The answer must consist solely of the lines from the line with "2015 and 2022." to the end of the data below, transcribed exactly and with no pictures.

+++ Supplied data +++

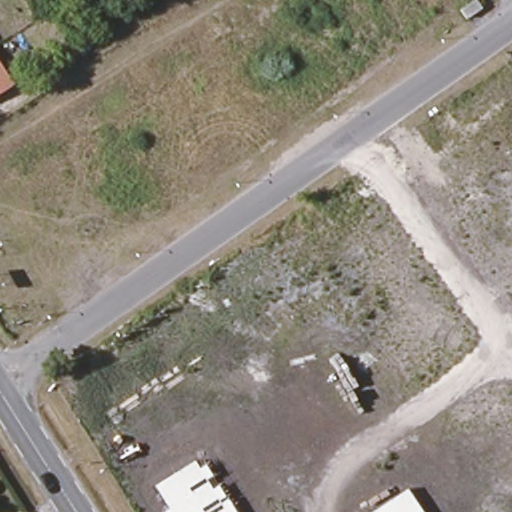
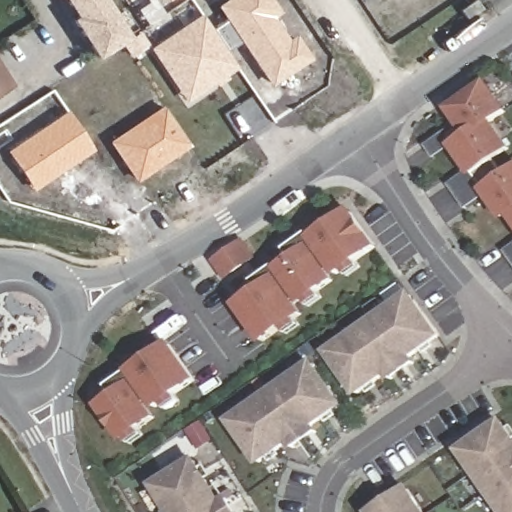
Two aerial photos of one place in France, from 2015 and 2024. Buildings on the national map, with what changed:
unchanged [(93,53),(61,0),(98,0),(120,36),(93,53)]
new [(216,6),(226,0),(272,0),(281,14),(273,16),(290,40),(295,35),(313,59),(271,86),(240,42),(225,52),(210,31),(225,20),(216,6)]
new [(199,14),(210,31),(225,52),(235,68),(225,75),(227,79),(216,85),(215,82),(185,102),(147,48),(199,14)]
unchanged [(0,92),(0,68),(11,84),(0,92)]
new [(496,122),(512,147),(512,149),(497,159),(507,174),(512,171),(512,219),(510,217),(503,220),(497,211),(494,213),(483,197),(466,210),(450,185),(466,174),(455,158),(457,156),(452,148),(436,159),(427,146),(459,125),(448,108),(488,80),(510,111),(496,122)]
new [(161,104),(191,146),(137,181),(109,140),(161,104)]
new [(7,151),(67,111),(94,151),(34,191),(7,151)]
new [(255,281),(277,264),(278,267),(292,257),(287,249),(310,234),(311,236),(352,208),(380,247),(359,262),(361,266),(348,276),(345,271),(335,277),(337,280),(320,292),(322,297),(310,307),(307,303),(301,307),(306,315),(299,320),(301,325),(287,334),(283,329),(263,345),(236,305),(259,289),(255,281)]
new [(226,281),(213,261),(245,238),(258,257),(226,281)]
new [(505,251),(512,247),(512,261),(505,251)]
new [(418,362),(390,382),(386,377),(357,397),(325,351),(411,291),(445,337),(415,357),(418,362)]
new [(167,410),(164,406),(155,412),(159,417),(141,430),(144,434),(130,444),(128,439),(124,443),(98,405),(116,395),(110,386),(130,373),(129,371),(171,341),(199,381),(178,395),(181,401),(167,410)]
new [(291,451),(288,446),(259,466),(227,419),(314,360),(346,406),(316,425),(320,431),(291,451)]
new [(458,451),(504,418),(512,431),(512,512),(500,512),(458,451)]
new [(229,495),(240,512),(167,512),(150,486),(197,456),(223,498),(229,495)]
new [(368,511),(410,486),(427,512),(369,512),(368,511)]

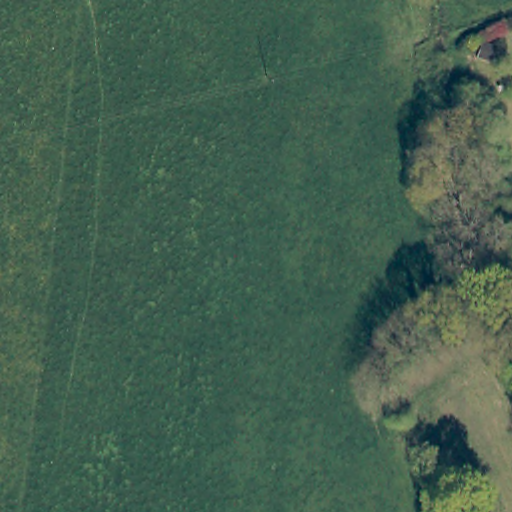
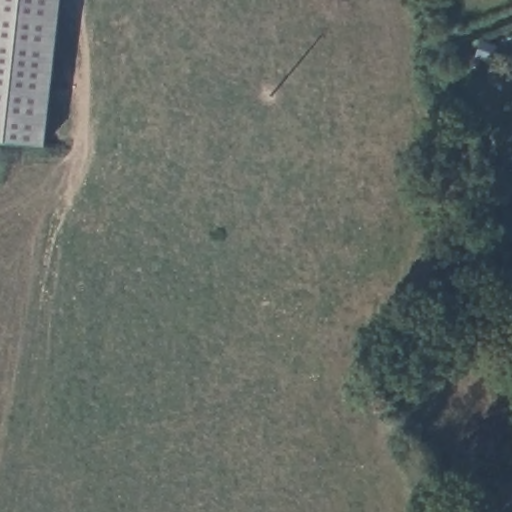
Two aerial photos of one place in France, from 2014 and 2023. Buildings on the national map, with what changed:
new [(44,149),(0,145),(0,0),(60,0),(44,149)]

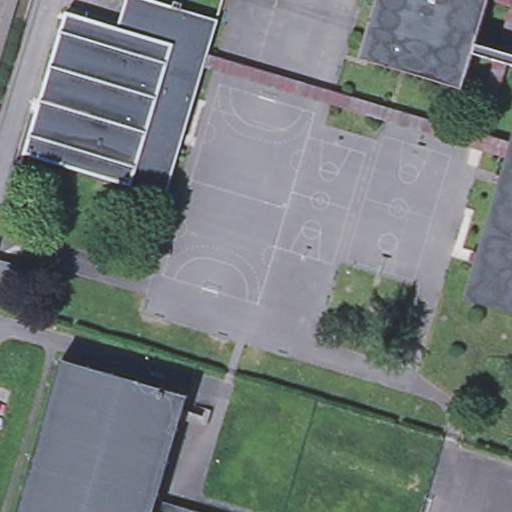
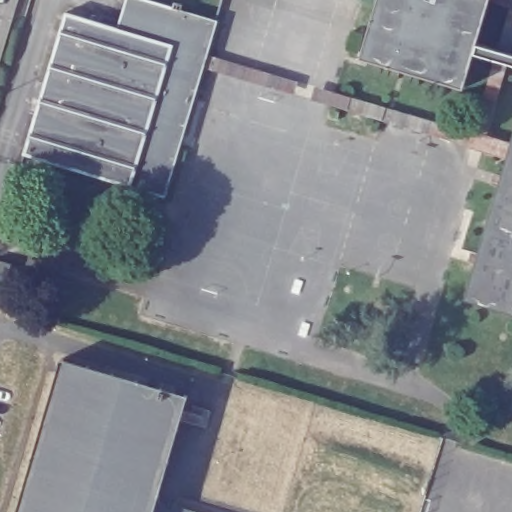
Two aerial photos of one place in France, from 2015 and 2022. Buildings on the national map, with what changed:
unchanged [(207,64),(168,198),(22,155),(65,14),(148,39),(160,0),(185,0),(181,12),(205,20),(207,13),(216,16),(215,22),(218,23),(210,50),(207,64)]
unchanged [(210,50),(473,127),(493,59),(477,54),(480,43),(498,47),(509,6),(492,1),(492,0),(512,0),(512,65),(508,64),(489,134),(508,139),(503,154),(207,64),(210,50)]
unchanged [(358,56),(375,0),(487,0),(462,87),(358,56)]
unchanged [(503,154),(508,139),(512,126),(512,312),(460,296),(503,154)]
unchanged [(9,261),(0,289),(0,258),(9,261)]
unchanged [(62,360),(185,395),(155,499),(199,512),(17,512),(62,360)]

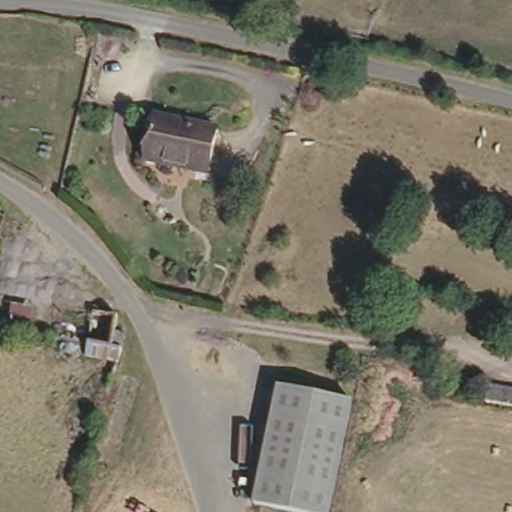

+++

■ **Response for this exercise**
Two aerial photos of one place in France, from 2015 and 2022. Buildings on the national map, with what changed:
unchanged [(207,64),(168,198),(22,155),(65,14),(148,39),(160,0),(185,0),(181,12),(205,20),(207,13),(216,16),(215,22),(218,23),(210,50),(207,64)]
unchanged [(210,50),(473,127),(493,59),(477,54),(480,43),(498,47),(509,6),(492,1),(492,0),(512,0),(512,65),(508,64),(489,134),(508,139),(503,154),(207,64),(210,50)]
unchanged [(358,56),(375,0),(487,0),(462,87),(358,56)]
unchanged [(503,154),(508,139),(512,126),(512,312),(460,296),(503,154)]
unchanged [(9,261),(0,289),(0,258),(9,261)]
unchanged [(62,360),(185,395),(155,499),(199,512),(17,512),(62,360)]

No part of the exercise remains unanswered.